Friday 31 August 2012

Exercise oficially extends life

Following a healthy lifestyle can lead to a longer life, even among people who are already well into their 70s, new research shows.

Getting regular exercise, staying engaged with friends and family, and abstaining from smoking were all associated with longer life in a study that followed people in their mid-70s and older for close to two decades.

These healthy traits apparently added, on average, five years to women’s lives and six years to men’s.
The study is among the first to identify specific lifestyle behaviors associated with longer life, even among people with chronic health problems and those over the age of 80, researchers say.

“Our results suggest that encouraging favorable lifestyle behaviors even at advanced ages may enhance life expectancy,” concluded the researchers from Sweden’s Karolinska Institute and Stockholm University.

The study, published in the journal BMJ, included about 1,800 people who were followed for 18 years from the mid-1980s.

Everyone in the study was 75 years old or older at enrollment, and 9 out of 10 (92%) died during the follow-up. Half lived for 90 years or longer, with women being more likely to survive to this age than men. Those who lived longer were also more likely to be highly educated, participate in physical and non-physical leisure activities, have rich social networks, and engage in regular exercise.

Physical activity was the single biggest predictor of longevity. People who regularly swam, walked, or performed other exercise lived an average of two years longer than people who did not. Longevity in former smokers was similar to that of people who had never smoked, but 4 out of 5 former smokers quit between 15 and 35 years before entering the study.

People with the healthiest lifestyles lived an average of 5.4 years longer than those with the least healthy lifestyles. Even among people over the age of 85 and those with chronic health conditions, a healthy lifestyle appeared to prolong life by four years. The study did not include information on diet, so it is unclear how healthy and unhealthy eating behaviors affected life span.

The researchers also didn't know lifestyle behaviors prior to old age. Despite these limitations, Gisele Wolf-Klein, MD, says the findings add to the evidence that it is never too late to improve health and prolong life.
Wolf-Klein is director of geriatric education for the North Shore-LIJ Health System in New Hyde Park, N.Y.

“It has been known for a long time that adjusting lifestyle behaviors at any age can be beneficial in terms of health and survival,” she says. She cites as an example her mentor in geriatric medicine who was a smoker until he had a massive heart attack in his mid-70s. “He gave up smoking ‘cold turkey’ after that and began exercising on a stationary bicycle 30 minutes every day,” she says. “He is still doing it at the age of 94.”

Thursday 23 August 2012

30 mins of Exercise a day as good as 60, in some cases.

A new study at the University of Copenhagen in Denmark has found that sedentary, slightly overweight healthy young men, who worked up a sweat exercising 30 minutes daily for three months, lost a similar amount of weight and body fat as those who did 60 minutes of daily exercise.

The researchers describe the findings of their randomized controlled trial in a study reported online recently in the American Journal of Physiology.

The researchers suggest one reason for the surprising result is that the exercise felt "doable" for the participants in the 30 minutes a day group, who even felt afterwards that they could have done more. In contrast, the 60 minutes a day group probably compensated by eating more, therefore losing less weight than expected.

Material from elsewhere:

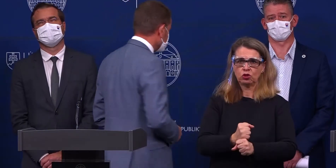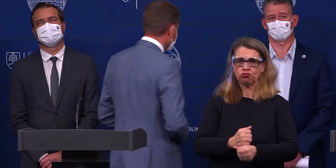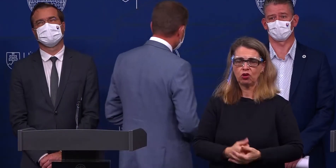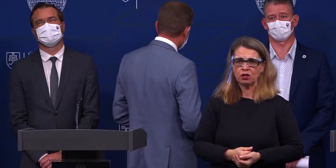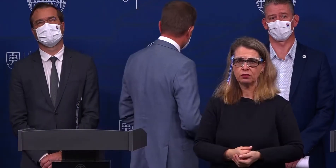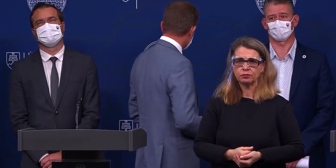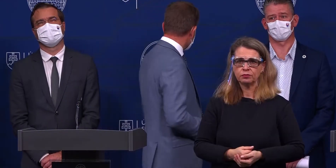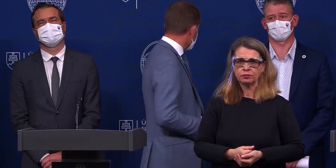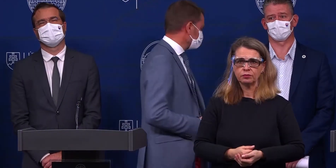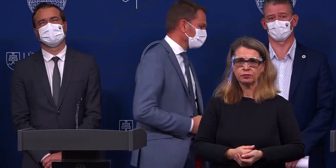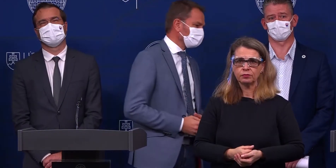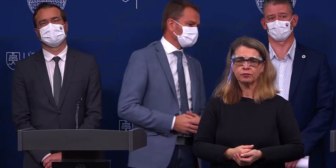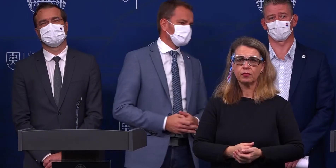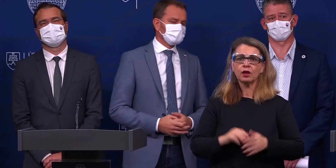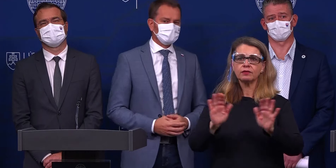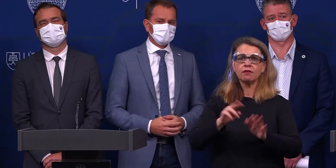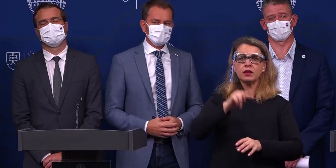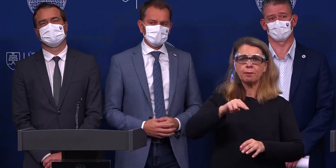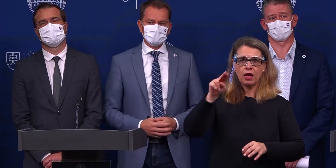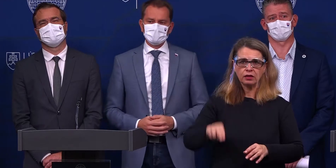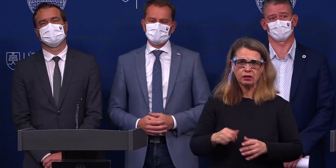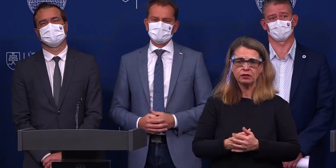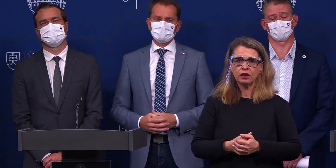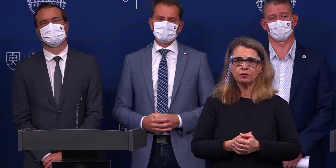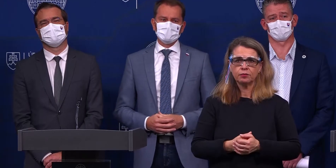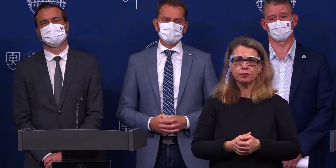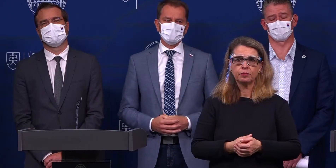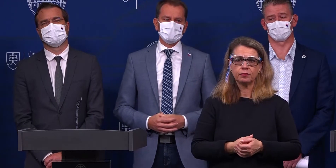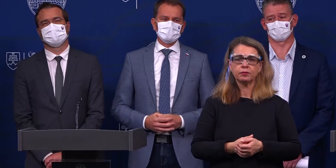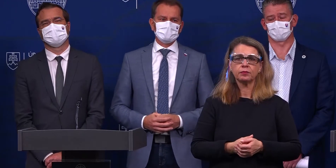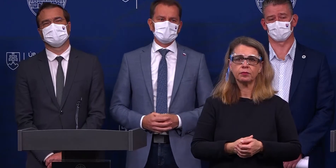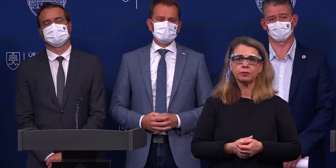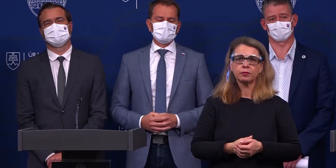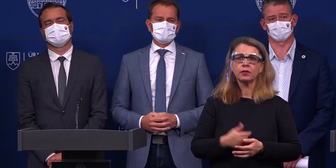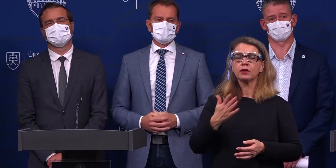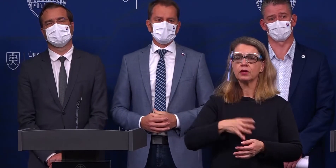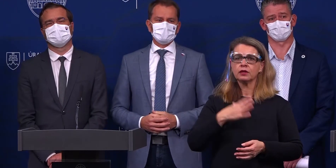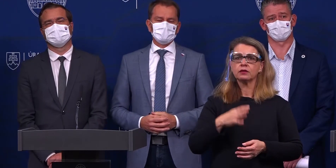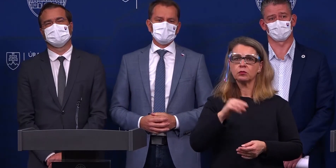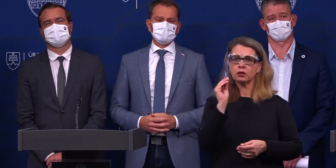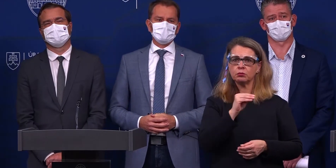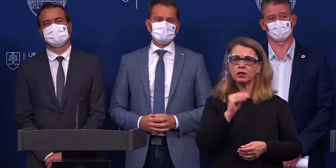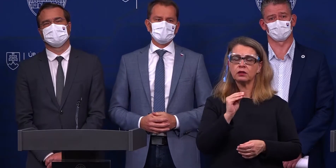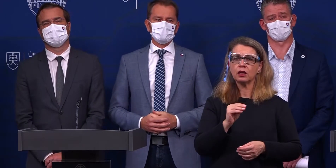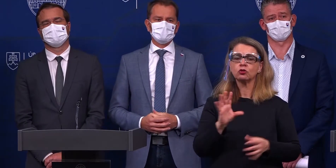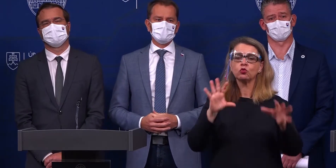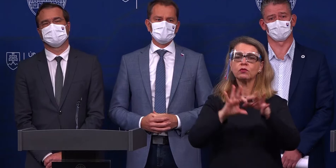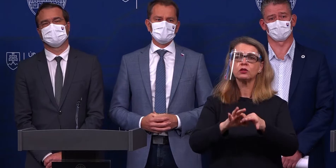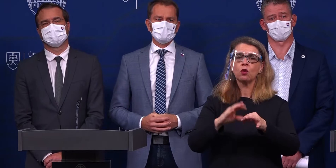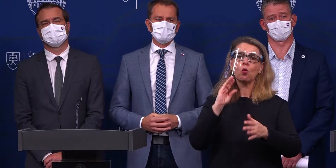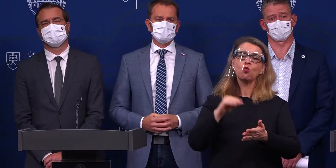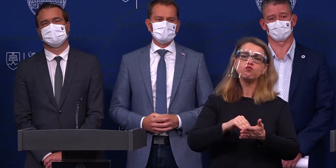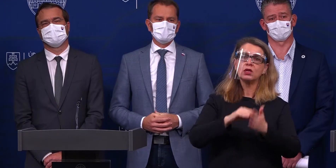Ďakujem. Nech sa páči, Televízia Markýza. Dobrý deň, Medzihradský Televízia Markýza. Ja by som sa chcel spýtať v súvislosti s ubytovacími

This second point would fit in with the results of previous research that the researchers point to in their background information. This suggests that the reason exercise often produces a disappointing amount of weight loss is because a diet-induced negative energy balance (where calories consumed aren't enough to cover daily energy needs) often triggers "compensatory mechanisms", such as lower metabolic rate and increased appetite.

Perhaps 60 minutes of exercise results in more overcompensation than 30 minutes. On average, the men who exercised 30 minutes a day lost 3.6 kg in three months, and those who exercised 60 minutes a day lost 2.7 kg. The reduction in body fat was about 4 kg for both groups.

The result is significant because 40% of Danish men are thought to be moderately overweight. Overcoming barriers to exercise in a group that does none at all should be easier if the aim is to attain 30 minutes a day than 60 minutes a day.

The study is part of an interdisciplinary trial called FINE, a Danish acronym for physical activity for a long healthy life, which has generated strong data in a group of 60 or so participants.

For the study, the researchers randomly assigned each of 62 healthy, sedentary, moderately overweight young men to one of three groups: a high exercise group (burning about 600 kcal per day with about 60 minutes of aerobic exercise), a moderate exercise group (300 kcal per day, 30 minutes exercise), and a control group that continued to be sedentary.

They monitored the men as they followed their program for 13 weeks.The participants trained every day through the study period. The training sessions were planned to produce a light sweat, but the participants were also instructed to increase the intensity three times a week.

The results showed that body weight went down by 2.7 kg in the high exercise group, and 3.6 kg in the moderate exercise group. Fat mass went down by 4.0 kg and 3.8 kg respectively.